5

I'm currently using the httplib library in Python 2.7 to obtain some headers from a website to establish a) the filesize of a download and b) the last modified date of the file. I've used some online tools and these details do exist.

I'm currently scripting my Python code and it appears to work correctly bringing back the required information. Nonetheless, the response containing the header information is a list containing a number of tuples. A sample of the response is below:-

[('content-length', '2501479'),
 ('accept-ranges', 'bytes'),
 ('vary', 'Accept-Encoding'),
 ('server', 'off'),
 ('last-modified', 'Thu, 20 Oct 2011 04:30:01 GMT'),
 ('etag', '"2c8171a-262b67-4afb368edfffc"'),
 ('date', 'Thu, 20 Oct 2011 16:01:11 GMT'),
 ('content-type', 'text/plain')]

What I am looking to do is strip out basically the file size ("2501479") and the date ("Thu, 20 Oct 2011 04:30:01 GMT").

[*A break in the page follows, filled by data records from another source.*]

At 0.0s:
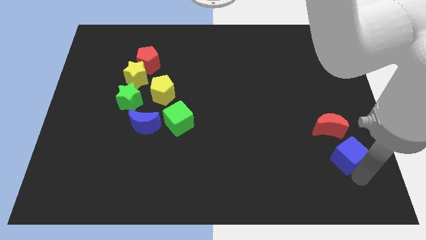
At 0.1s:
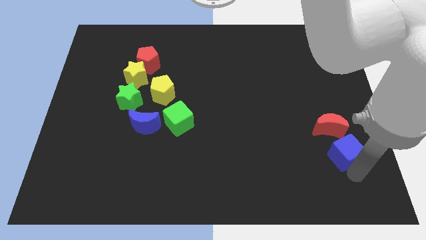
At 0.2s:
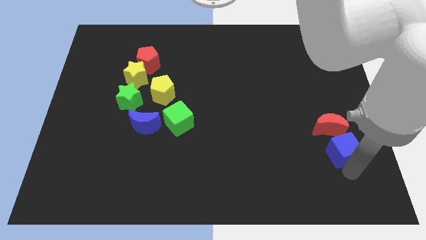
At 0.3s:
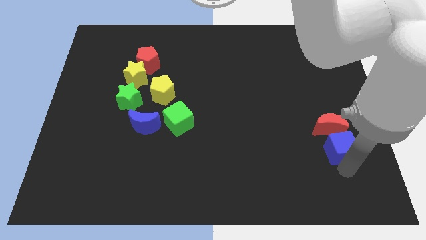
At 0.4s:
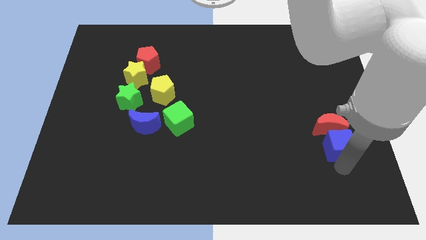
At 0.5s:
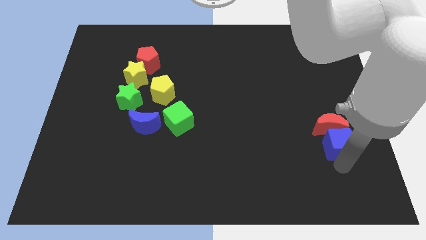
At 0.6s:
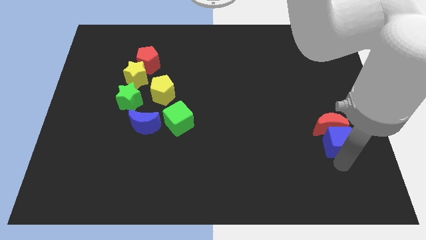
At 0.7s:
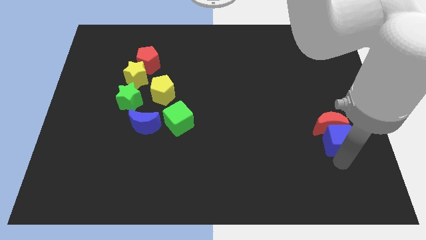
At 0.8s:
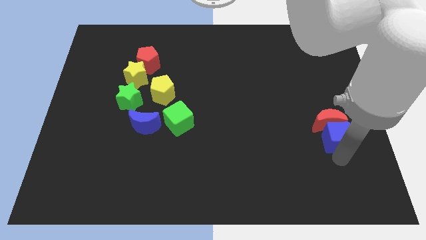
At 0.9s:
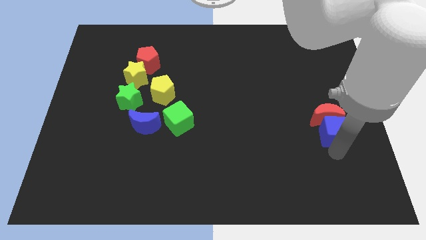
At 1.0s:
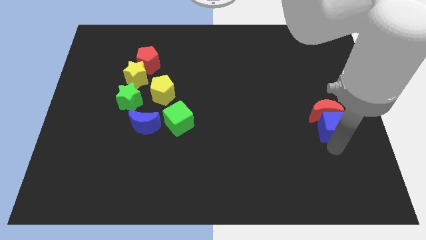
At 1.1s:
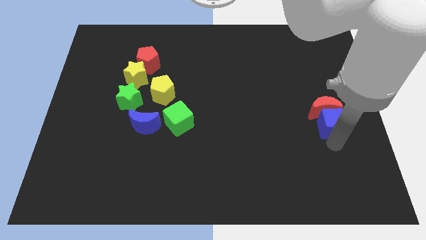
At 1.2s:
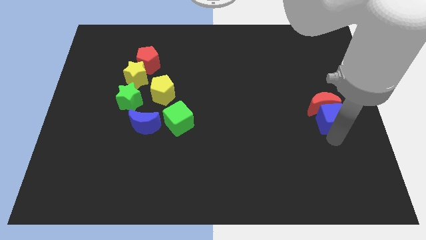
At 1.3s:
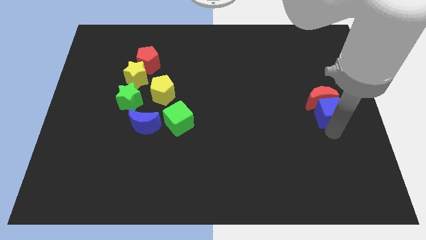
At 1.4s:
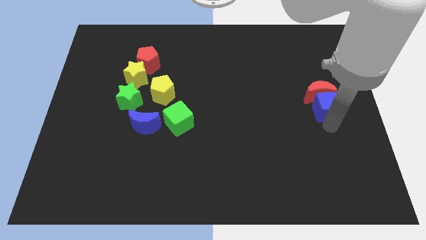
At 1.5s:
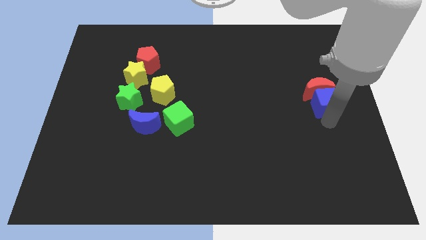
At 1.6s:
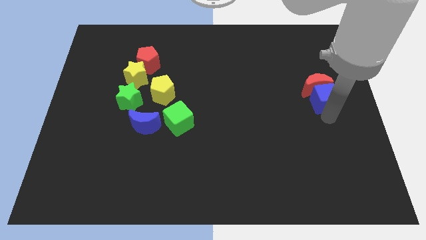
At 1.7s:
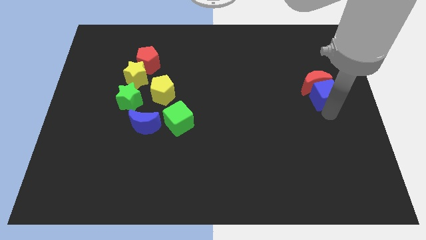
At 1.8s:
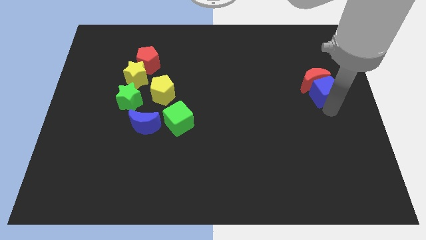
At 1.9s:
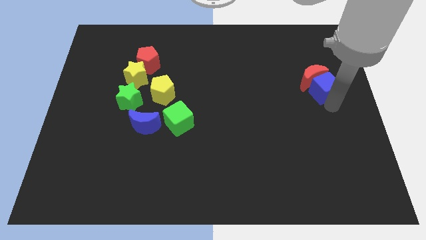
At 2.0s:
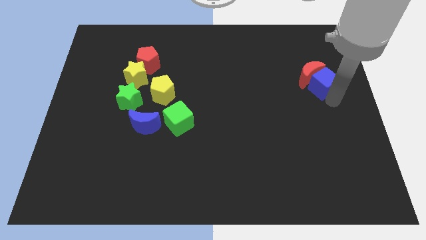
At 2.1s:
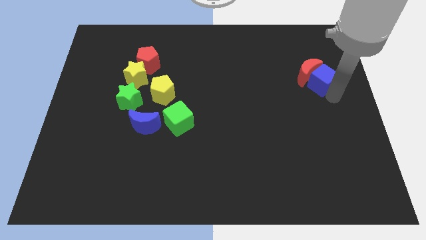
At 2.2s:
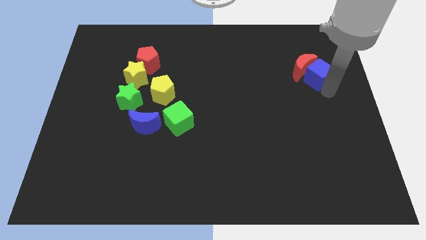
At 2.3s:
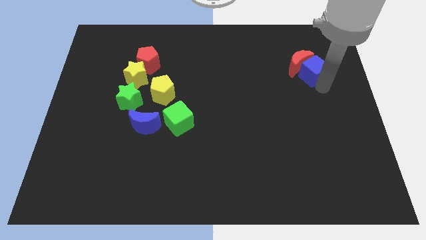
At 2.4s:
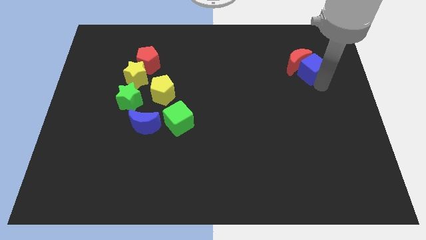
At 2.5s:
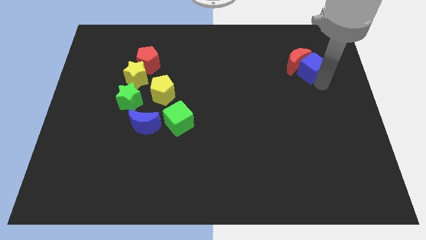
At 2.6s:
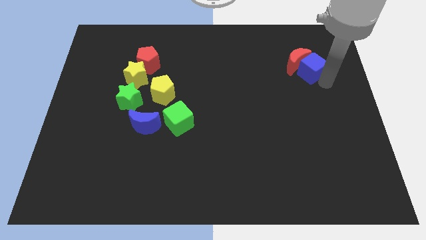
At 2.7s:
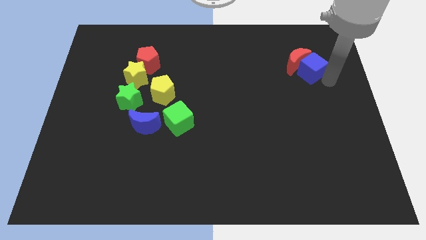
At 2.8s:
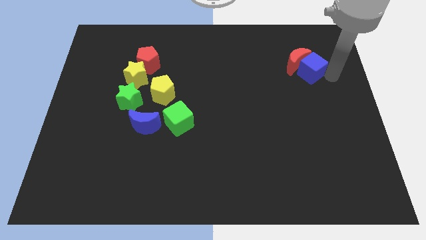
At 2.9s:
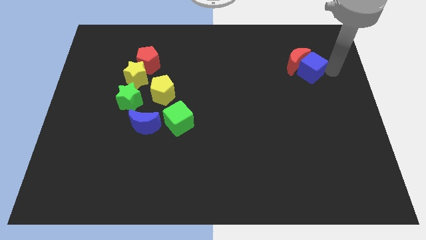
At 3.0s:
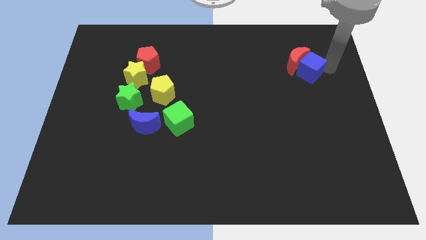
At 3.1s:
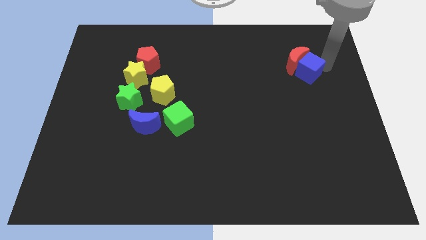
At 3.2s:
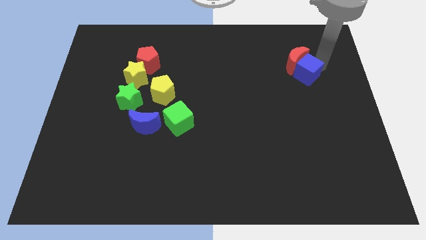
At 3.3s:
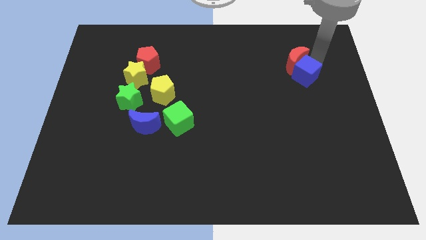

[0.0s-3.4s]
move the blue cube into the red crescent towards the top right of the board

Any ideas how I can go about doing this? I originally tried variable[0] but this returns "'content-length', '2501479'". How can I return the filesize solely (in theory the second part of the first tuple in the list!).

phihag
  • 278,196
  • 72
  • 453
  • 469
thefragileomen
  • 1,537
  • 8
  • 24
  • 40

5 Answers5

7

First, you can make it a little easier to work with by turning your list of tuples into a dictionary:

>>> headers = [('content-length', '2501479'),
...  ('accept-ranges', 'bytes'),
...  ('vary', 'Accept-Encoding'),
...  ('server', 'off'),
...  ('last-modified', 'Thu, 20 Oct 2011 04:30:01 GMT'),
...  ('etag', '"2c8171a-262b67-4afb368edfffc"'),
...  ('date', 'Thu, 20 Oct 2011 16:01:11 GMT'),
...  ('content-type', 'text/plain')]
>>> 
>>> headers = dict(headers)
>>> int(headers['content-length'])
2501479

For the date, I would turn it into a datetime object using the email.utils.parsedate function:

>>> import email.utils
>>> email.utils.parsedate(headers['date'])
(2011, 10, 20, 16, 1, 11, 0, 1, -1)
jterrace
  • 64,866
  • 22
  • 157
  • 202
4

First, convert the tuples into a dict, and then convert the value to int to get a number:

response_tupels = [('content-length', '2501479'), ('accept-ranges', 'bytes'),]
response = dict(response_tupels)
try:
  content_length = int(response['content-length'])
except KeyError:
  raise # Handle missing content-length here
phihag
  • 278,196
  • 72
  • 453
  • 469
2

You simply have to index it again in order to access the tuple. Like

length = variable[0][1]
last_mod = variable[4][1]

for size and the date of last modification.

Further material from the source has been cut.